* _TASK STATEMENT_:
Within the listing below, please copy exactly the lines between the line holding "Give the box of the ledge at (566, 359)." and the line holding "[139,244,476,362]", inclusive.

* _SUPPLIED MATERIAL_:
◇ ◇ ◇ ◇ ◇

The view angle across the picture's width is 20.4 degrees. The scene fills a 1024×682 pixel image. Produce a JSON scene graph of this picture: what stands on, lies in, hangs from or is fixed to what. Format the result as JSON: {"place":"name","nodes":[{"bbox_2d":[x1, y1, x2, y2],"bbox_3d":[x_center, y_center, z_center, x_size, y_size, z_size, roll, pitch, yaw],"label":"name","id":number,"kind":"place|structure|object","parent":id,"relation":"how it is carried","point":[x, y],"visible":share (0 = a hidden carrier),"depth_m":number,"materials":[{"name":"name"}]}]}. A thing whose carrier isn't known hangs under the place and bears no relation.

◇ ◇ ◇ ◇ ◇

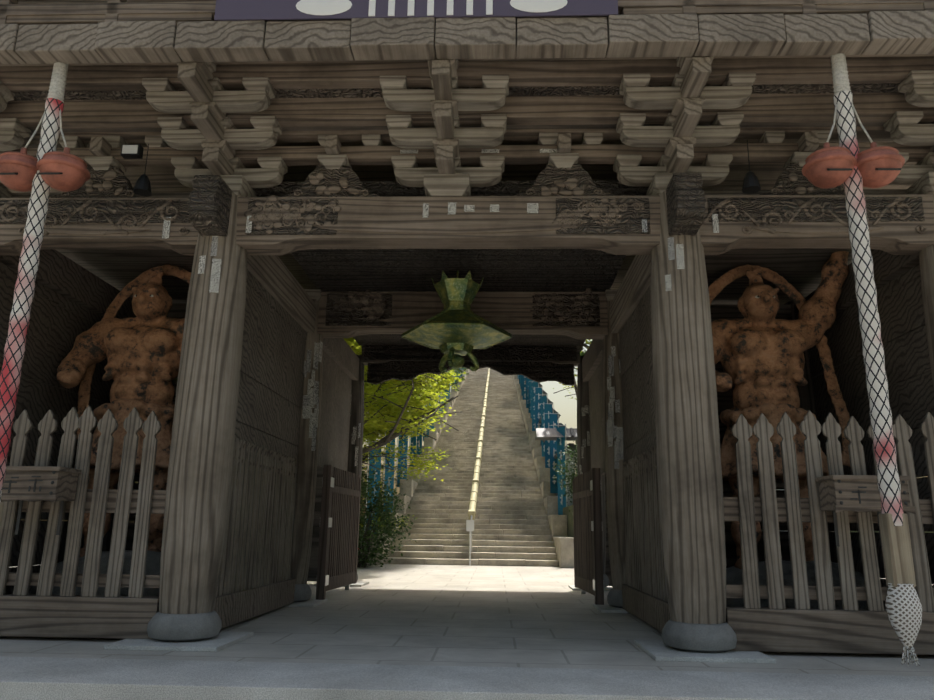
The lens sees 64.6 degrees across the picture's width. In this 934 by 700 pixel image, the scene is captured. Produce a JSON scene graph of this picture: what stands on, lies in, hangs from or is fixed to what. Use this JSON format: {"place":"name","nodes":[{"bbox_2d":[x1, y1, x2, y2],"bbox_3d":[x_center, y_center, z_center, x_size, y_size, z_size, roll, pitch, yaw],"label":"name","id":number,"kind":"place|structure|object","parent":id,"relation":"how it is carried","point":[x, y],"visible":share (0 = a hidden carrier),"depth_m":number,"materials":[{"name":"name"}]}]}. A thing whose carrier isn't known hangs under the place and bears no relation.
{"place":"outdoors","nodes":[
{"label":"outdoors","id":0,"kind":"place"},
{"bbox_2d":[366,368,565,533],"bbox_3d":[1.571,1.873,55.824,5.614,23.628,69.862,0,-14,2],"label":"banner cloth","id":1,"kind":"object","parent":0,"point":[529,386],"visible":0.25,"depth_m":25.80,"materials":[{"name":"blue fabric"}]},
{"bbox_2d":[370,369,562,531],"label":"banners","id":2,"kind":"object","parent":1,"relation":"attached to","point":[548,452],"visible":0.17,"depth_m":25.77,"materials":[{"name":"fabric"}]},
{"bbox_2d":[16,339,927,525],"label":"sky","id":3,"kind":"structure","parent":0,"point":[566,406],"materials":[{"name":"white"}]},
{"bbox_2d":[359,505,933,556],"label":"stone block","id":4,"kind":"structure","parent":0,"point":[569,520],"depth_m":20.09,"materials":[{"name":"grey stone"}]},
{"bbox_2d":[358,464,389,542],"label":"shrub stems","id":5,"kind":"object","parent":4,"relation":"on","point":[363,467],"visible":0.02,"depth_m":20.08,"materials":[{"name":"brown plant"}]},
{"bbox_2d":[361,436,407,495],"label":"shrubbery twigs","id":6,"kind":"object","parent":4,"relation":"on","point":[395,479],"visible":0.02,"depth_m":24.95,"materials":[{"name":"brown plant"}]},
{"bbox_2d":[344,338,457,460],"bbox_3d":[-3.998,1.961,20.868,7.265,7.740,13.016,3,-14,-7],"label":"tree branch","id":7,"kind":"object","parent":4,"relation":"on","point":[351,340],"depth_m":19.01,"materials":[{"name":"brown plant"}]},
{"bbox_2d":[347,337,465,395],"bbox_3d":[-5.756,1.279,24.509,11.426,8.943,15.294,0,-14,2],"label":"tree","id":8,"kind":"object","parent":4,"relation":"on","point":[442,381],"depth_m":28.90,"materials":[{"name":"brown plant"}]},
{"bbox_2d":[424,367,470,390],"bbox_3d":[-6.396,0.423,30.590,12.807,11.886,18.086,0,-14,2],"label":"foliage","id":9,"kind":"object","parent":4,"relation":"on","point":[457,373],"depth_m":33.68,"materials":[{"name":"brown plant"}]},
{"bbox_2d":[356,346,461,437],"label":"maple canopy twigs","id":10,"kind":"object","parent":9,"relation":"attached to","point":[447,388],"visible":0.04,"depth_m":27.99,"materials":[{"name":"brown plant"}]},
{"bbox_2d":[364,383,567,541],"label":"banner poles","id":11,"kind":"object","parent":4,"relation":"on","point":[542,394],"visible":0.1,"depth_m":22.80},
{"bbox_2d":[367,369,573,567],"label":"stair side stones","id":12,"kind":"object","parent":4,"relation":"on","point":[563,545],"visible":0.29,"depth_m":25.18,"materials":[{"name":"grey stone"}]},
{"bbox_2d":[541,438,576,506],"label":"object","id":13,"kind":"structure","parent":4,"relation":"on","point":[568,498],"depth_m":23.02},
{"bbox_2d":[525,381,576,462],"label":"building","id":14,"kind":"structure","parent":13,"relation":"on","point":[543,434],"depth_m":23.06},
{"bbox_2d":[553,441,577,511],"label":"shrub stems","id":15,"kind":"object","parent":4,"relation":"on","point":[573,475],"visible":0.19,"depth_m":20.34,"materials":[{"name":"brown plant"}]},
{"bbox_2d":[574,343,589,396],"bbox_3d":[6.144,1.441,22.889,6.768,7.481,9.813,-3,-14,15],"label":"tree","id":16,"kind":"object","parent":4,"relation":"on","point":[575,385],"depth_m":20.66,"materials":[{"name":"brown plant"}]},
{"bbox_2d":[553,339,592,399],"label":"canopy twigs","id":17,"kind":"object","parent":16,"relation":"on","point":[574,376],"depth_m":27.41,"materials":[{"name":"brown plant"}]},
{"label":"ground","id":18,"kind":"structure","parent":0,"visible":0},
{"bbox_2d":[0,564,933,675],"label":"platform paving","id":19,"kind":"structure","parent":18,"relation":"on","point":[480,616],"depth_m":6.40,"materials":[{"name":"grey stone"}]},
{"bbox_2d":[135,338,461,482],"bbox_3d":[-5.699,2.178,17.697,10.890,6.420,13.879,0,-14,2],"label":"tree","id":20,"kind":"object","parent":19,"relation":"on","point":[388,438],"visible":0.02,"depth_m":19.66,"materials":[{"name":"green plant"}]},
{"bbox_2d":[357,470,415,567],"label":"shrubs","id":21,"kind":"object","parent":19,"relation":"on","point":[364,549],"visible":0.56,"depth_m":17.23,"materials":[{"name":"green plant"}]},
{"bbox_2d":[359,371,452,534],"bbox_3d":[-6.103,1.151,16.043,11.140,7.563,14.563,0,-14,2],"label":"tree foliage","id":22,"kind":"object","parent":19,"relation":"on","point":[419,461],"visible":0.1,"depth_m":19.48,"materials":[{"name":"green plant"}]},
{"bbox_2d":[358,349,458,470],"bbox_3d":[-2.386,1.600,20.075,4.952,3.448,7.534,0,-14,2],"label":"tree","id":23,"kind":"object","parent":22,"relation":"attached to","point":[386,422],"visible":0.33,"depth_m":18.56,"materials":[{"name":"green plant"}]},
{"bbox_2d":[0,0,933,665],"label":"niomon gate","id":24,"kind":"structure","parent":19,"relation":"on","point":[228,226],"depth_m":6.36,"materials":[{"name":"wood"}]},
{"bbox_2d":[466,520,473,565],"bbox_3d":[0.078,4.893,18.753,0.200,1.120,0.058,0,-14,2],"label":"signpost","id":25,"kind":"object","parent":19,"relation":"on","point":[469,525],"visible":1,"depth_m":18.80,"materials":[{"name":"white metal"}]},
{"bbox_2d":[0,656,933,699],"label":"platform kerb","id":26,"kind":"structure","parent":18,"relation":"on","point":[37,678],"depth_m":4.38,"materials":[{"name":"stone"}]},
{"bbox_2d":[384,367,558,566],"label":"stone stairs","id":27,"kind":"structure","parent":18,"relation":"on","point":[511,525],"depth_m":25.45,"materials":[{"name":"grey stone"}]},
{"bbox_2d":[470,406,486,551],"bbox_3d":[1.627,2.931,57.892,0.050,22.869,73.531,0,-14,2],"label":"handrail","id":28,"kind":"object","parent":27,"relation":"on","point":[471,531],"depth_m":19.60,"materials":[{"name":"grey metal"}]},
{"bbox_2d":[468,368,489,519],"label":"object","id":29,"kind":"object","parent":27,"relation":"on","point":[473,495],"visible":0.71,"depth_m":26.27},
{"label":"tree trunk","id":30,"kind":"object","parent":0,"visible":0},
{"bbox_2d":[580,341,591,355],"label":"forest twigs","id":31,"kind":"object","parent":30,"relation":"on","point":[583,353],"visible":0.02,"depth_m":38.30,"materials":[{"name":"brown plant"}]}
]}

◇ ◇ ◇ ◇ ◇

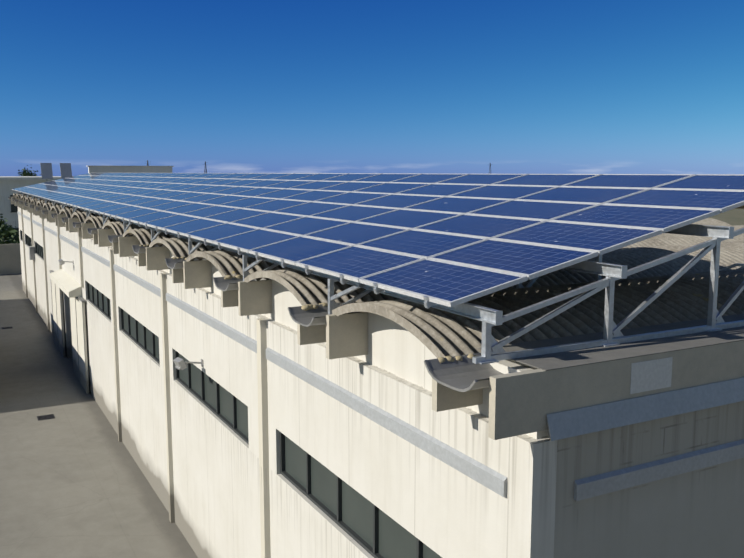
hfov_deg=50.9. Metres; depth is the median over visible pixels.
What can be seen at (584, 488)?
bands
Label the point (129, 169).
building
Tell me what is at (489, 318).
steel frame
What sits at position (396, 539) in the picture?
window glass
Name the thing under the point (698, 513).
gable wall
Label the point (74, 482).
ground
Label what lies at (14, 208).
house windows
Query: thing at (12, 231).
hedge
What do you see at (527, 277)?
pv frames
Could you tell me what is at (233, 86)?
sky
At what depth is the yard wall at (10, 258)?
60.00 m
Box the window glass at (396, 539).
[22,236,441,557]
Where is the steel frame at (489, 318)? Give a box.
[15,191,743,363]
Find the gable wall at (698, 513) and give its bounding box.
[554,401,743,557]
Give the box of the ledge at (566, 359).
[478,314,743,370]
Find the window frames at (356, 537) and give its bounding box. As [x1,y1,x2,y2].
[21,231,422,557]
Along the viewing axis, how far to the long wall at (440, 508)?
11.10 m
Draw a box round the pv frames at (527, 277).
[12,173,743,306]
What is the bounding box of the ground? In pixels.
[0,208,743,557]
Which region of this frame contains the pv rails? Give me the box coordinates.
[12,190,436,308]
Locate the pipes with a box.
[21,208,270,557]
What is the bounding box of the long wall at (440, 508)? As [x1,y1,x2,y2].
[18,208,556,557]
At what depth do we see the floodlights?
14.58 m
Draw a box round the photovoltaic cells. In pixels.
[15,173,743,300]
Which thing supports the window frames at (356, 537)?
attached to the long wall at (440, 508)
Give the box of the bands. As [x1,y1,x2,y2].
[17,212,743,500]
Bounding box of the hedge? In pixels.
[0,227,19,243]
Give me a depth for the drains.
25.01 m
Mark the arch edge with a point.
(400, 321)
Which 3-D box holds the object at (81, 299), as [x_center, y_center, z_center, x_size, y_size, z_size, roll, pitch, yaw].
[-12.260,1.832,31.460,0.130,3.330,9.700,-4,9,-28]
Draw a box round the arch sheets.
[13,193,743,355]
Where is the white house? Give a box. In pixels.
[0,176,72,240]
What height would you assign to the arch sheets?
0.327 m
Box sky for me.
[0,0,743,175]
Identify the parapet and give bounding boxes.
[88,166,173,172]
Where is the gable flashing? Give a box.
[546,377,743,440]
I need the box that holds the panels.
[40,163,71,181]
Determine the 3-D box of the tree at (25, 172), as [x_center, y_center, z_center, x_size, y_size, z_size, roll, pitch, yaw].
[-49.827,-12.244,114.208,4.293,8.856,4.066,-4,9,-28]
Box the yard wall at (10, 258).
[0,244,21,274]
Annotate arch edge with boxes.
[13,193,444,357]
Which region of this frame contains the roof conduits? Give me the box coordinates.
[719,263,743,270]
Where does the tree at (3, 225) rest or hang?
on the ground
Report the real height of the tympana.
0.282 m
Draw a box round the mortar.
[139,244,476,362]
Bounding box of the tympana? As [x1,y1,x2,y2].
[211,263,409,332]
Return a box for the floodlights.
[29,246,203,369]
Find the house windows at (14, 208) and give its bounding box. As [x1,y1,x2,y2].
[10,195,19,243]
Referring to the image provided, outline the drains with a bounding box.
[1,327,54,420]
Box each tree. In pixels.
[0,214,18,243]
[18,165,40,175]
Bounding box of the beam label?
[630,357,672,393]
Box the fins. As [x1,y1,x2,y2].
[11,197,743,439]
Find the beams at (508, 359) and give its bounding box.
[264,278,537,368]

◇ ◇ ◇ ◇ ◇

* _TASK OUTPUT_:
Give the box of the ledge at (566, 359).
[478,314,743,370]
Find the window frames at (356, 537) and give its bounding box. As [x1,y1,x2,y2].
[21,231,422,557]
Along the viewing axis, how far to the long wall at (440, 508)?
11.10 m
Draw a box round the pv frames at (527, 277).
[12,173,743,306]
What is the bounding box of the ground? In pixels.
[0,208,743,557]
Which region of this frame contains the pv rails? Give me the box coordinates.
[12,190,436,308]
Locate the pipes with a box.
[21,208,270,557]
What is the bounding box of the long wall at (440, 508)? As [x1,y1,x2,y2].
[18,208,556,557]
At what depth do we see the floodlights?
14.58 m
Draw a box round the photovoltaic cells. In pixels.
[15,173,743,300]
Which thing supports the window frames at (356, 537)?
attached to the long wall at (440, 508)
Give the box of the bands. As [x1,y1,x2,y2].
[17,212,743,500]
Bounding box of the hedge? In pixels.
[0,227,19,243]
Give me a depth for the drains.
25.01 m
Mark the arch edge with a point.
(400, 321)
Which 3-D box holds the object at (81, 299), as [x_center, y_center, z_center, x_size, y_size, z_size, roll, pitch, yaw].
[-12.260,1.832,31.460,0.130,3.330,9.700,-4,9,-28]
Draw a box round the arch sheets.
[13,193,743,355]
Where is the white house? Give a box. In pixels.
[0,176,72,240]
What height would you assign to the arch sheets?
0.327 m
Box sky for me.
[0,0,743,175]
Identify the parapet and give bounding boxes.
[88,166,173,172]
Where is the gable flashing? Give a box.
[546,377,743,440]
I need the box that holds the panels.
[40,163,71,181]
Determine the 3-D box of the tree at (25, 172), as [x_center, y_center, z_center, x_size, y_size, z_size, roll, pitch, yaw].
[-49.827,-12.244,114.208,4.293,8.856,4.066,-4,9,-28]
Box the yard wall at (10, 258).
[0,244,21,274]
Annotate arch edge with boxes.
[13,193,444,357]
Which region of this frame contains the roof conduits? Give me the box coordinates.
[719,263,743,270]
Where does the tree at (3, 225) rest or hang?
on the ground
Report the real height of the tympana.
0.282 m
Draw a box round the mortar.
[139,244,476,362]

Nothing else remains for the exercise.